Random Sampling with Fixed Count#

Randomly sample a fixed number of timepoints and z-slices from larger ranges:

name: "random_sampling_workflow"
spatial_coverage:
  channels: [0]
  timepoints: [0, 1, 2, 3, 4, 5, 6, 7, 8, 9, 10, 11]
  timepoint_mode: "random"
  n_timepoints: 4             # Randomly select 4 timepoints
  z_slices: [0, 1, 2, 3, 4, 5, 6, 7, 8, 9]
  z_slice_mode: "random"
  n_slices: 3                 # Randomly select 3 z-slices

Resume from Existing Annotation Table#

Continue an interrupted workflow by resuming from an OMERO annotation table:

name: "resumed_workflow"
omero:
  container_type: "dataset"
  container_id: 123
  table_id: 456               # Existing annotation table ID
workflow:
  resume_from_table: true     # Resume from existing progress
  read_only_mode: false

Configuration Validation#

The configuration system provides thorough validation:

  • Type checking - All fields are validated against expected types
  • Range validation - Numeric fields are checked against valid ranges
  • Dependency validation - Related fields are checked for consistency
  • 3D configuration validation - 3D settings are validated for completeness

Integration with Widgets#

Widget-generated configurations are fully compatible with YAML configurations:

# Generate config with widgets
workflow_widget = create_workflow_widget(connection=conn)
workflow_widget.display()
config = workflow_widget.get_config()

# Save widget config as YAML
config.save_yaml("widget_generated_config.yaml")
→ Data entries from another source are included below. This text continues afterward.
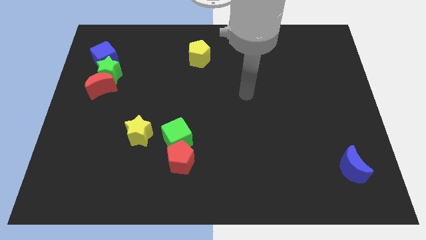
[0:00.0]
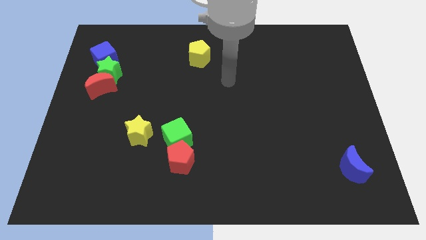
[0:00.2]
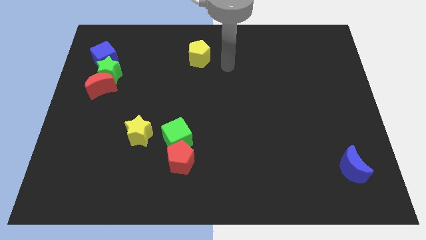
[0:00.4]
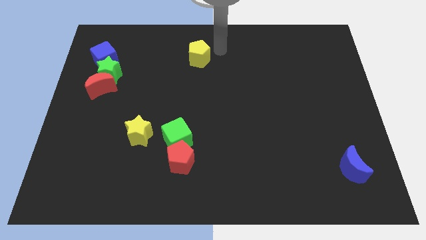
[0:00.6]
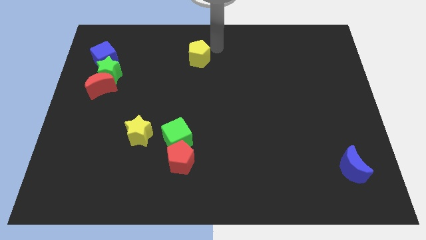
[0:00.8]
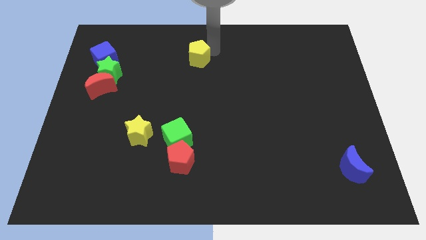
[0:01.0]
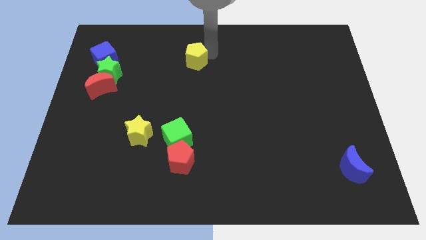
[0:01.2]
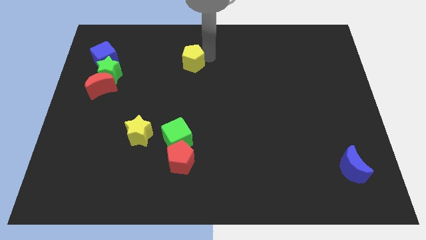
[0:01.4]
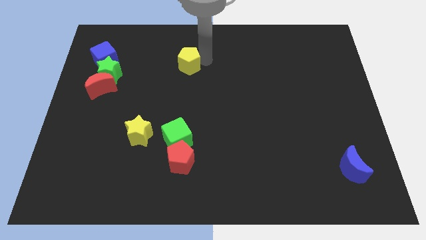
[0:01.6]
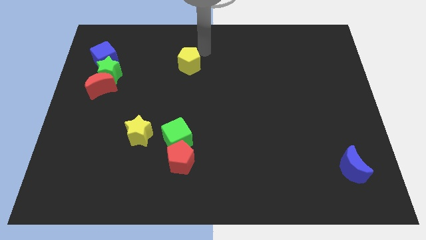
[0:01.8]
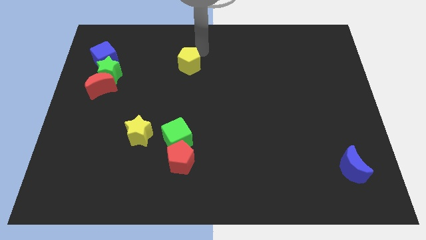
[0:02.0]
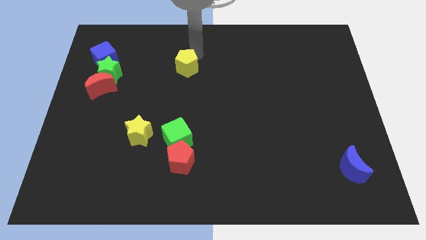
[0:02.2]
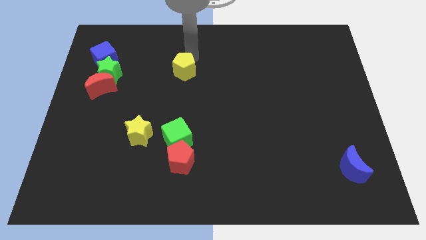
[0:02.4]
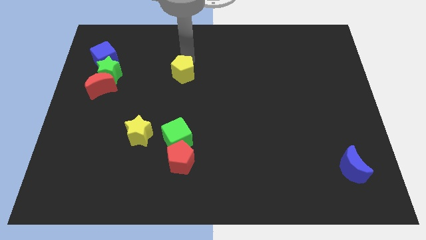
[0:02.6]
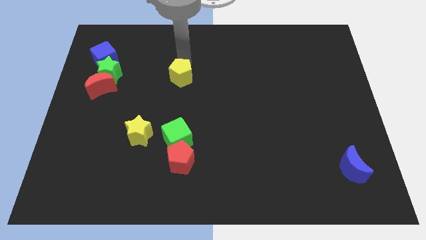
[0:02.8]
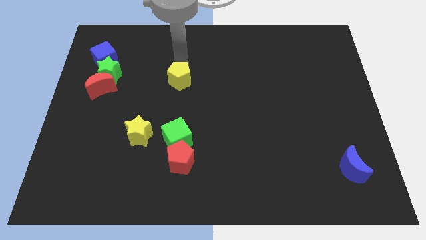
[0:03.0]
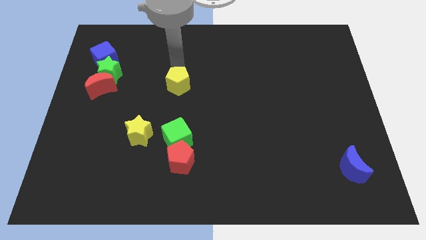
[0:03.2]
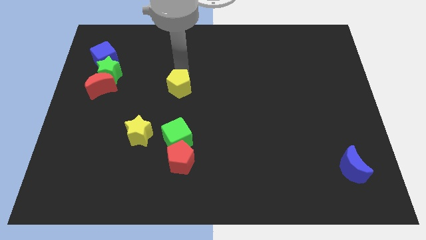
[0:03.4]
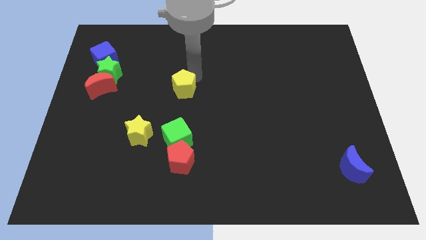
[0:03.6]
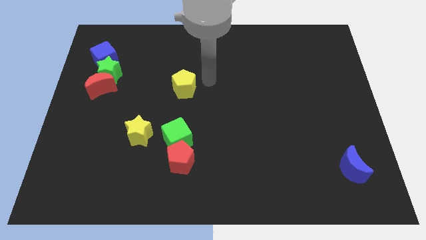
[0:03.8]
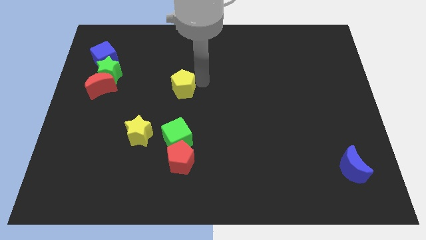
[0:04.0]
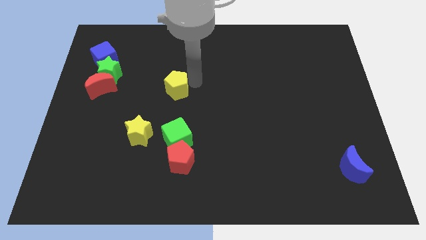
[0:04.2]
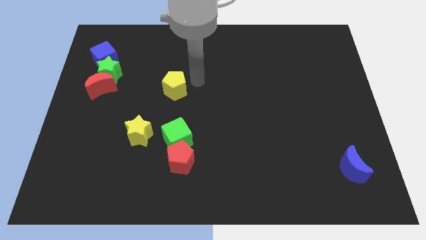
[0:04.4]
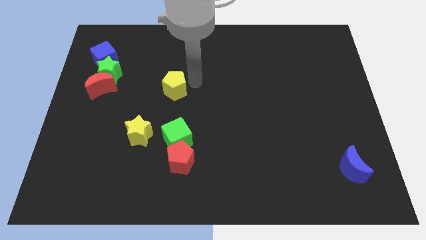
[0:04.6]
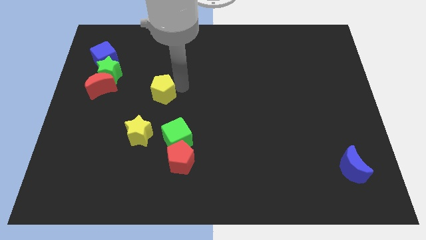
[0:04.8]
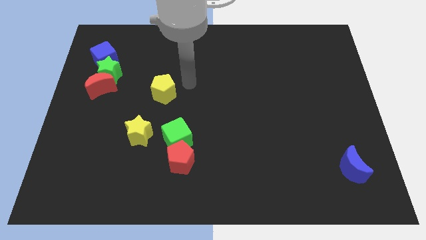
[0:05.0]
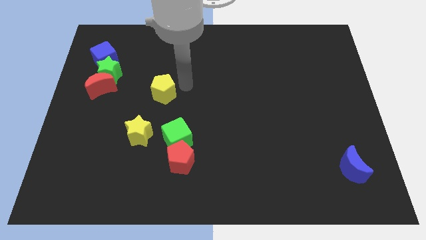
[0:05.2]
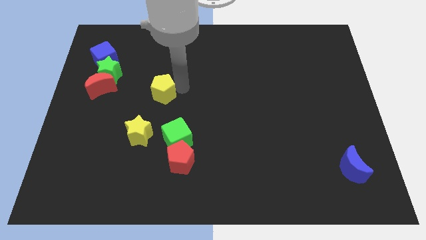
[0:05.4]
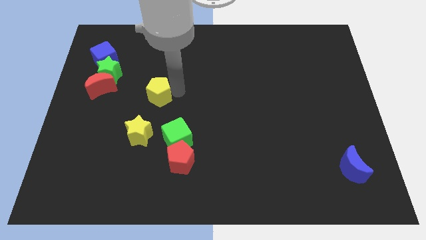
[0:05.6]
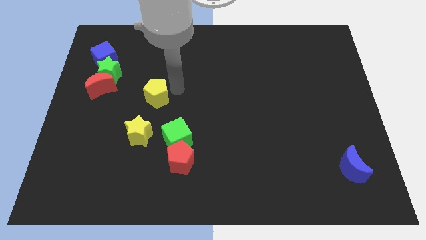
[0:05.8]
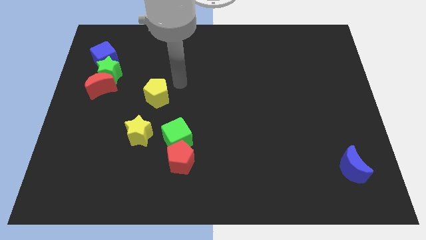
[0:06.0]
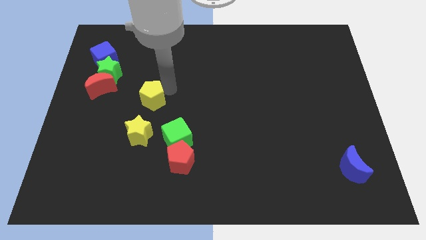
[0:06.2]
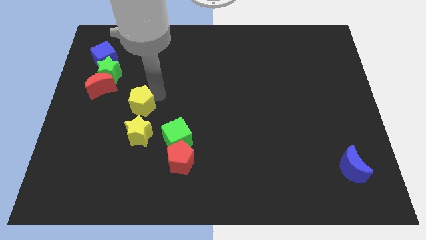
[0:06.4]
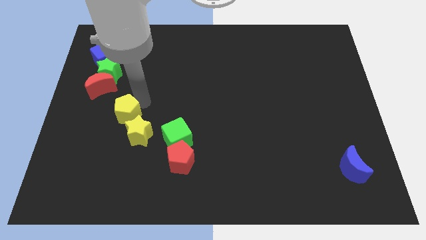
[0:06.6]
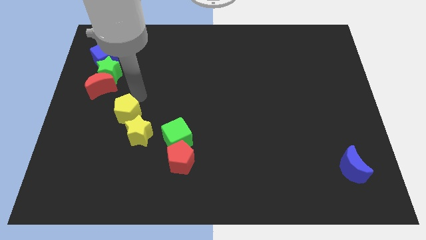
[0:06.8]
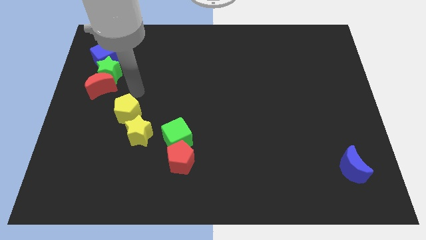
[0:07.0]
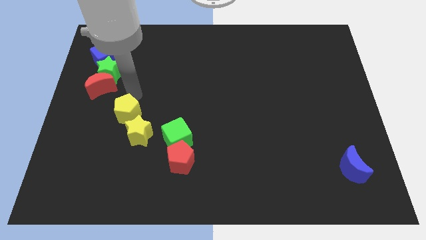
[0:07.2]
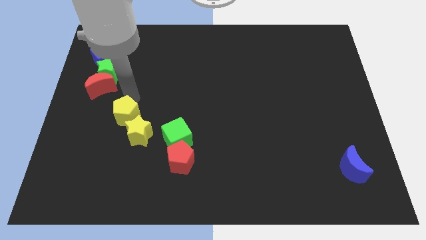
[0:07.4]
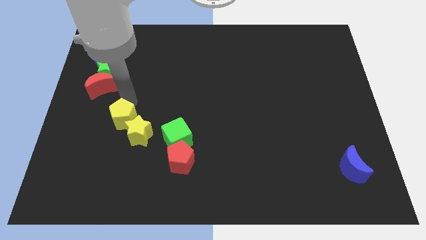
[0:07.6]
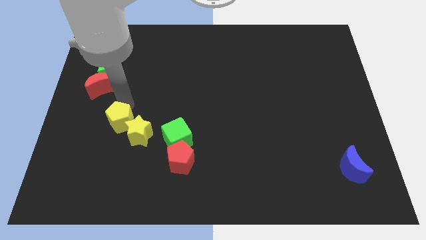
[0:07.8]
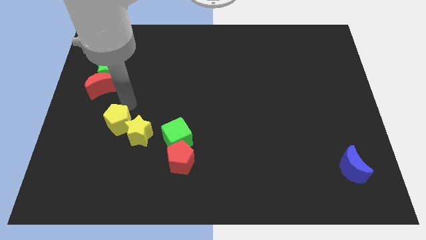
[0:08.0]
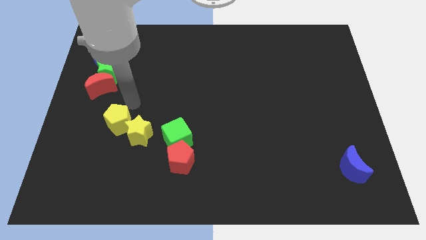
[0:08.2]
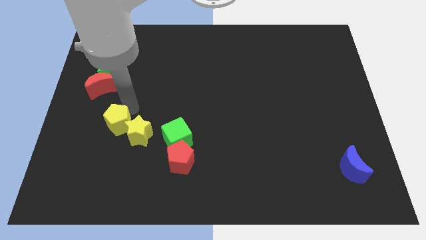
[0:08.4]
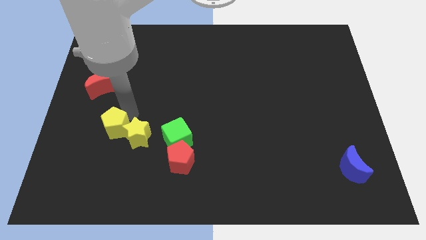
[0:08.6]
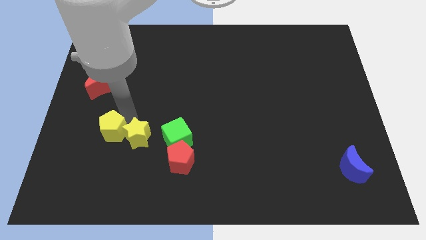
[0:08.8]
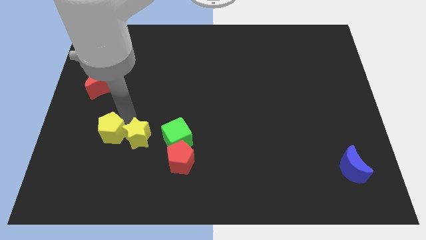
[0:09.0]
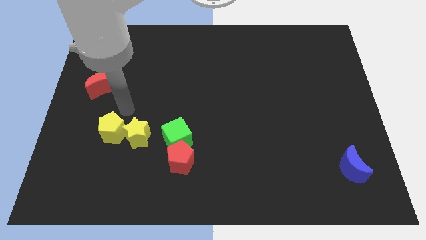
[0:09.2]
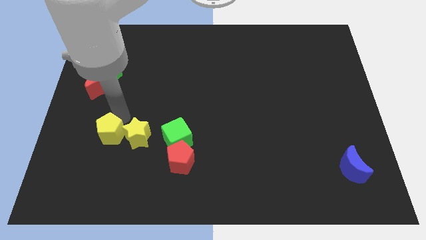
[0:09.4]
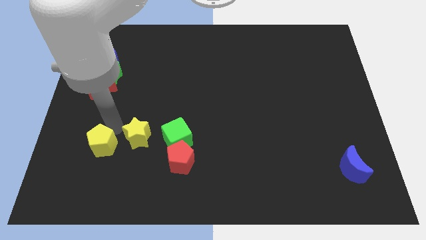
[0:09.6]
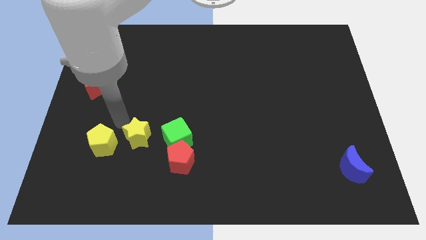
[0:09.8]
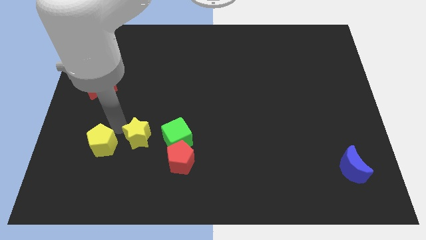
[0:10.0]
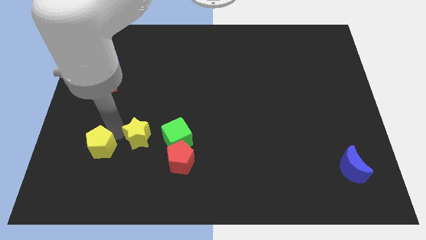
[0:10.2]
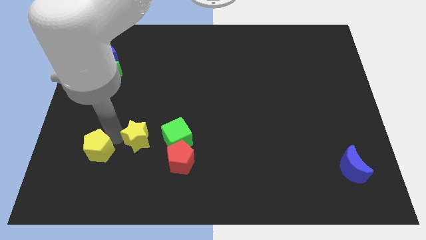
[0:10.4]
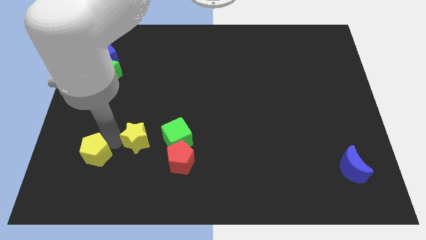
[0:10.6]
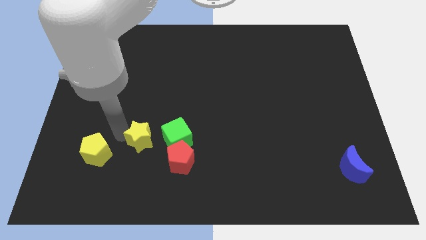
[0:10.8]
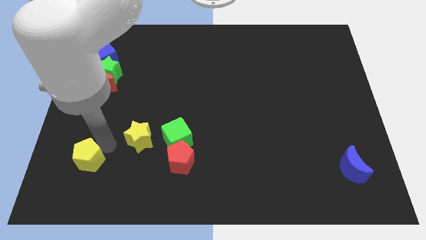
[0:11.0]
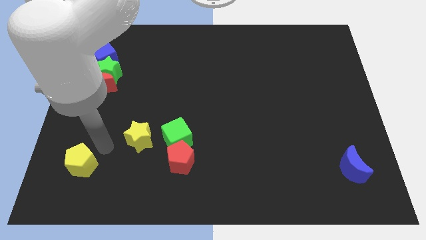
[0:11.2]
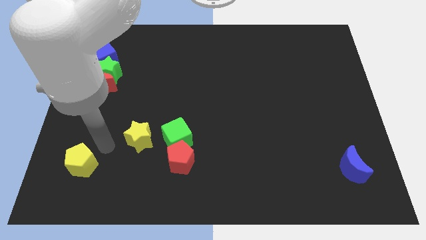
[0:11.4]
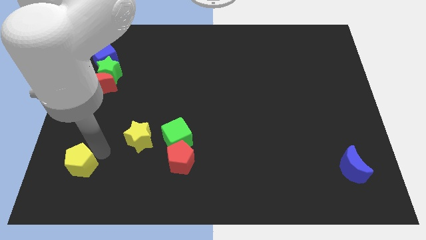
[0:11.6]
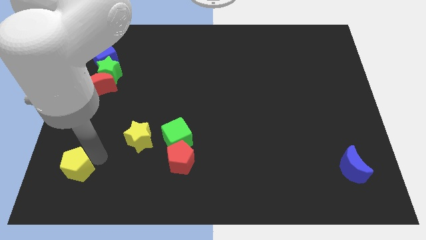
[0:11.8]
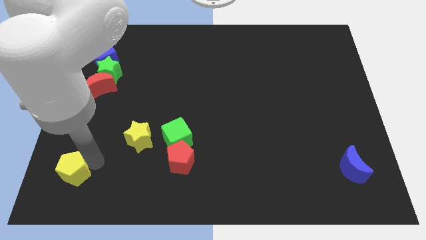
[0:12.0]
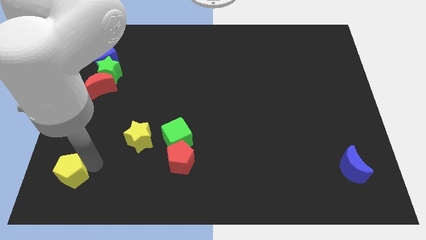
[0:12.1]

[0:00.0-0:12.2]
slide the yellow pentagon to the bottom left of the board

# Load and modify YAML config
config = load_config("widget_generated_config.yaml")
config.processing.batch_size = 10
config.save_yaml("modified_config.yaml")

Best Practices#

  1. Use descriptive names - Make workflow names meaningful for tracking
  2. Document your criteria - Specify clear annotation criteria
  3. Version your configs - Update version numbers when making changes
  4. Validate before running - Test configurations on small datasets first
  5. Keep configs with data - Store configuration files alongside results
  6. Use templates - Start from the provided template for completeness

Troubleshooting#

Common configuration issues and solutions:

3D Configuration Errors:

# ❌ Incorrect - missing z_range when three_d=true
spatial_coverage:
  three_d: true
  z_slices: [0, 1, 2]

# ✅ Correct - specify z_range for 3D
spatial_coverage:
  three_d: true  
  z_range_start: 0
  z_range_end: 2

Training Split Validation:

# ❌ Incorrect - fractions don't sum to 1.0
training:
  train_fraction: 0.8
  validation_fraction: 0.3

# ✅ Correct - use explicit counts or proper fractions
training:
  train_n: 8
  validate_n: 2

For more examples and tutorials, see the tutorial section for detailed workflow guides.